Building Support for Children and Families Affected by Stroke
„Kinder erleben Schlaganfälle anders“

Ein Schlaganfall bei Kindern ist selten und wird oft erst spät erkannt. Die Folgen begleiten Betroffene und ihre Familien ein Leben lang. Ein Forschungsteam unter der Leitung von Maja Kevdžija von der Technischen Universität Wien untersucht die Rolle informeller (d. h. Zuhause, Nachbarschaft, Schule) und formeller (d. h. Krankenhaus, Rehabilitationsklinik, Ambulanz) Versorgungsumgebungen im Alltag von Kindern und Familien, die mit einem kindlichen Schlaganfall konfrontiert sind.
Im Zentrum des vom Wissenschaftsfonds FWF kofinanzierten Projekts stehen Kinder zwischen sechs und vierzehn Jahren, die einen Schlaganfall erlitten haben. Untersucht wird, wie der Alltag dieser Familien in verschiedenen Umgebungen erlebt wird: „Wir betrachten alltägliche Umgebungen, vom Zuhause über die Schule bis hin zum Krankenhaus und Rehabilitationszentrum“, sagt die Architektin Maja Kevdžija. Gemeinsam mit Partnerinstitutionen wie der TU Dresden, der KU Leuven, der Medizinischen Universität Wien und dem Forschungsbereich für Finanzwissenschaft und Infrastrukturpolitik am Institut für Raumplanung der Technischen Universität Wien widmet sie sich dieser bislang kaum erforschten Thematik.
Ein Schlaganfall im Kindesalter verändert das Leben der Kinder und ihrer Familien für Jahre.

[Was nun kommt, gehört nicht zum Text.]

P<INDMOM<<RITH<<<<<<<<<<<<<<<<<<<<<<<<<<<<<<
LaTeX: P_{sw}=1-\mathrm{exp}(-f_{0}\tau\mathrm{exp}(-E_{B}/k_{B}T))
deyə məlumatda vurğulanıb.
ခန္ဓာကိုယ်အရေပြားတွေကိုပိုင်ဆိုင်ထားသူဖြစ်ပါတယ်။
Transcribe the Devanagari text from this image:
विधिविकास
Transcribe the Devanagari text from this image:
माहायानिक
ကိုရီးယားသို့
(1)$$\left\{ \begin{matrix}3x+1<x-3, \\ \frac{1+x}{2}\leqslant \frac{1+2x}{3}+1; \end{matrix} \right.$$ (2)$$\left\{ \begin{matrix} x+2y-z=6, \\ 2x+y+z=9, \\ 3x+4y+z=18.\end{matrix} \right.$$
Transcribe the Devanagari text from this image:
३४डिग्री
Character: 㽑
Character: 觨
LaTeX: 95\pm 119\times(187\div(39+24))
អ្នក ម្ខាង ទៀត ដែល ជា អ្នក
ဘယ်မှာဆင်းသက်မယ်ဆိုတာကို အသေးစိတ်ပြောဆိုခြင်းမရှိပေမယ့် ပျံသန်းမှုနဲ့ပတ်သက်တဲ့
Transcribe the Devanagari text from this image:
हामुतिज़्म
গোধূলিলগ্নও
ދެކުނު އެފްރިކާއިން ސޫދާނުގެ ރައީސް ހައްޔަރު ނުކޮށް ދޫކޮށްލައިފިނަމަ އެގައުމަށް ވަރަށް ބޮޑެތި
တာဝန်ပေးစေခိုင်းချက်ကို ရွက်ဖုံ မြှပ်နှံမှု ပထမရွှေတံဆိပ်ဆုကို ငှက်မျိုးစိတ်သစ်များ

Den Bedürfnissen der Kinder angepasstes "Health Design", kann ihre Rehabilitation beschleunigen und die Lebensqualität aller im Umfeld unterstützenden Menschen verbessern.
Um herauszufinden, wie die Umwelt die Kinder in ihrer Genesung unterstützen kann, haben die Forschenden betroffene Familien daheim besucht, die Räume gemeinsam kartiert und Interviews geführt. „Wir haben insgesamt 30 Familien in das Projekt einbezogen: 11 in Österreich, 15 in Deutschland und 4 in Belgien. An der sozioökonomischen Befragung nahmen über 150 Familien aus den drei Ländern teil“, erklärt Kevdžija. Birgit Moser, eine Architektur-Doktorandin der TU Wien hat sogar ein eigenes Spiel namens „Space Agents“ entwickelt, das dabei unterstützte, mit den Kindern über ihren Alltag zu sprechen.

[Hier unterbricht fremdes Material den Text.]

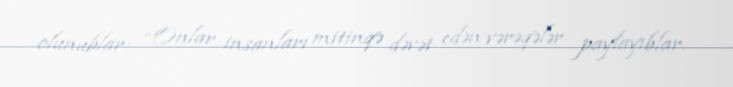
olunublar: “Onlar insanları mitinqə dəvət edən vərəqələr paylayıblar.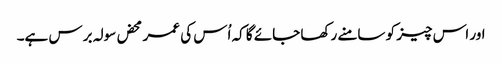
اور اس چیز کو سامنے رکھا جائے گا کہ اُس کی عمر محض سولہ برس ہے۔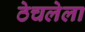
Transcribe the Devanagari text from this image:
ठेचलेला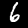
Label: 6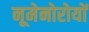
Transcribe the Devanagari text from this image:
नूमेनोरोयों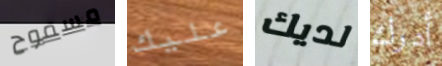
مسموح عليك لديك أدرك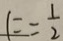
F = \frac { 1 } { 2 }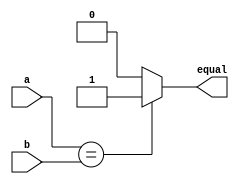
`timescale 1ns / 1ps

module comparator (equal, a, b);
    parameter word = 32;
    input   [word - 1:0] a,     b;
    output               equal;

    reg                  equal;

    initial begin
        equal = 1'b0;
    end
    always @(a or b) begin
        if (a == b) equal = 1'b1;
        else        equal = 1'b0;
    end

endmodule //comparator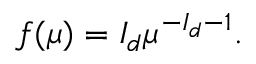
f ( \mu ) = I _ { d } \mu ^ { - I _ { d } - 1 } .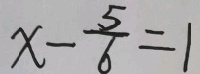
x - \frac { 5 } { 6 } = 1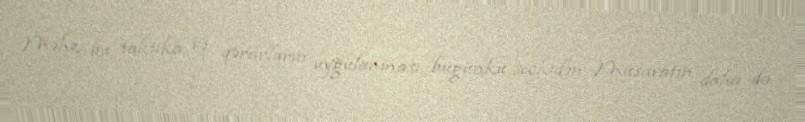
Məhz bu taktika və qərarların uyğulanması bugünkü seçkidən Müsavatın daha da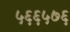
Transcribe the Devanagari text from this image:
५६६५७६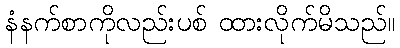
နံနက်စာကိုလည်းပစ် ထားလိုက်မိသည်။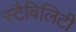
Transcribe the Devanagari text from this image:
स्टैबिलिटी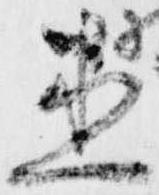
直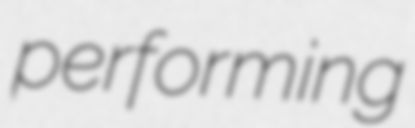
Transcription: performing

Ethisch ist das Projekt herausfordernd. In Österreich und Deutschland lief die Zusammenarbeit mit den Familien meist gut. In Belgien hingegen waren laut Kevdžija die ethischen Anforderungen besonders komplex. Um diese Herausforderungen zu überbrücken, arbeitete das Team mit bereits vorhandenem Material wie Autobiografien oder Videos. Inzwischen liegt eine Publikation vor, die die Datennutzung von Erfahrungsberichten und Befunden im Zusammenhang mit ethischen Aspekten reflektiert.

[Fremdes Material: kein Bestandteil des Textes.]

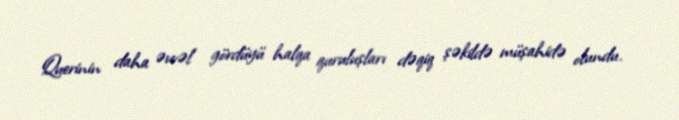
Querinin daha əvvəl gördüyü halqa quruluşları dəqiq şəkildə müşahidə olundu.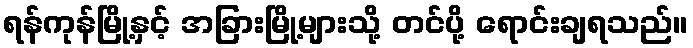
ရန်ကုန်မြို့နှင့် အခြားမြို့များသို့ တင်ပို့ ရောင်းချရသည်။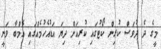
މީގެ ދެ ދުވަސް ކުރިން ކޯޓުގައި ކުރިއަށް ދިޔަ އަޑުއެހުމެއްގައި އެމްބާ ވަނީ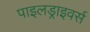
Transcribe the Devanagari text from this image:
पाइलड्राइवर्स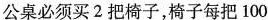
公桌必须买2把椅子，椅子每把100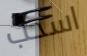
اسحب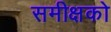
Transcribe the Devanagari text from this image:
समीक्षको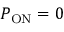
P _ { \mathrm { O N } } = 0

Therapien im Klassenzimmer und zu Hause
Für Erwachsene ist der Weg nach einem Schlaganfall oft klar strukturiert, von der Diagnose über das Krankenhaus bis hin zur Rehabilitation und Heimkehr. Bei Kindern ist der Weg meist völlig offen: „Es gibt keinen klaren Ablauf für ein Kind mit Schlaganfall“, sagt Kevdžija. Jedes Kind hat seinen eigenen Weg, denn die Bandbreite an Beeinträchtigungen ist groß, ebenso vielfältig sind die Unterschiede in Betreuung und Umfeld.
„Die Ziele von Rehabilitation und Genesung bei einem Kind sind dementsprechend ganz anders“, sagt die Projektleiterin, die mit ihrem Fokus auf Designanforderungen im Gesundheitswesen derzeit noch eine Nische besetzt. Während bei Erwachsenen das Ziel oft darin besteht, wieder ein eigenständiges Leben zu führen, geht es bei Kindern um weit mehr: Langfristige Entwicklung, schulische Leistungen, soziale Integration und spätere Berufschancen stehen auf dem Spiel. Das mache die Rolle der Umwelt umso entscheidender.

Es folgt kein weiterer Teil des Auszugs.